» WHAT IS NEEDED
Images do not belong in the copy; retype the rest of the entries below exactly.

» DATASET ENTRIES

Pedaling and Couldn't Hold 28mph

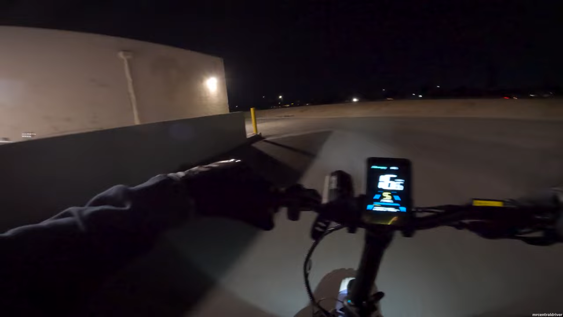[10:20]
all right so we have a lot of lights back here so it's kind of hard to tell but it looks decent i guess not something i truly think is great but it is working one thing i do like about the light is that when you do turn it on the display gets darker such a nice small little touch right there let's go out let's go out this way
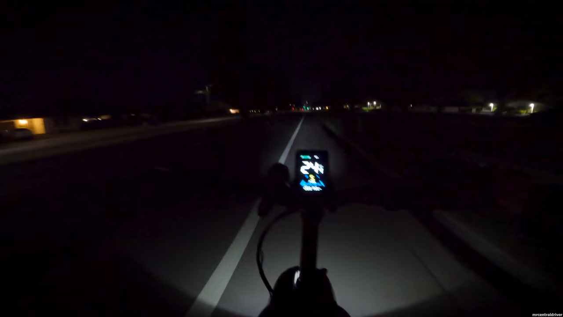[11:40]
person it's really hard to say because i see it on the gopro side when i'm on the computer i'm like oh that looks way different but uh it's not super wide i can see in this lane which is nice i can see a little bit up here going almost to the sidewalk but doesn't fully go that far but it's just not super bright it you could deal with it it's not like you're not going to be happy about it but if you ride at night guys all the time you want to upgrade this light because right now let's okay you guys see this light right here
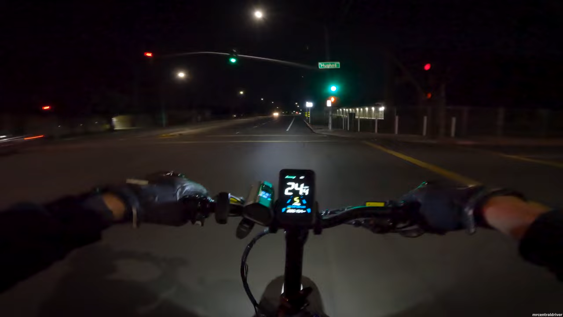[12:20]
better now let me see if i have it in the highest mode i think i do but i just wanted to you know double check okay that's the highest mode it took me a little bit to figure it out but there we go guys you see how crazy this light is compared to the stock light now i will briefly turn off the stock light um hopefully no one's behind me because i do not want to get ran over all right we're good we're good all right hold on let me do this okay the stock headlight is off completely i'm running off the aftermarket one and to prove it let's
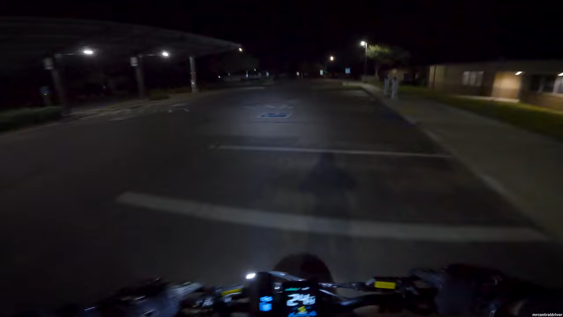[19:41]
oh oh wow that was very comfortable jumping off the curb kitty kitty
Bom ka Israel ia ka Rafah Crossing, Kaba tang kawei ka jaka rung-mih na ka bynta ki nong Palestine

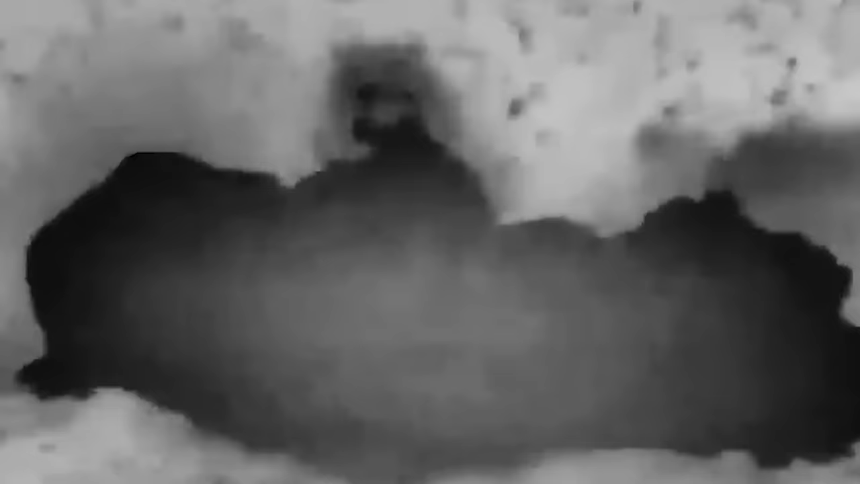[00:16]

» EXERCISE RESULT
Pedaling and Couldn't Hold 28mph

[10:20]
all right so we have a lot of lights back here so it's kind of hard to tell but it looks decent i guess not something i truly think is great but it is working one thing i do like about the light is that when you do turn it on the display gets darker such a nice small little touch right there let's go out let's go out this way
[11:40]
person it's really hard to say because i see it on the gopro side when i'm on the computer i'm like oh that looks way different but uh it's not super wide i can see in this lane which is nice i can see a little bit up here going almost to the sidewalk but doesn't fully go that far but it's just not super bright it you could deal with it it's not like you're not going to be happy about it but if you ride at night guys all the time you want to upgrade this light because right now let's okay you guys see this light right here
[12:20]
better now let me see if i have it in the highest mode i think i do but i just wanted to you know double check okay that's the highest mode it took me a little bit to figure it out but there we go guys you see how crazy this light is compared to the stock light now i will briefly turn off the stock light um hopefully no one's behind me because i do not want to get ran over all right we're good we're good all right hold on let me do this okay the stock headlight is off completely i'm running off the aftermarket one and to prove it let's
[19:41]
oh oh wow that was very comfortable jumping off the curb kitty kitty
Bom ka Israel ia ka Rafah Crossing, Kaba tang kawei ka jaka rung-mih na ka bynta ki nong Palestine

[00:16]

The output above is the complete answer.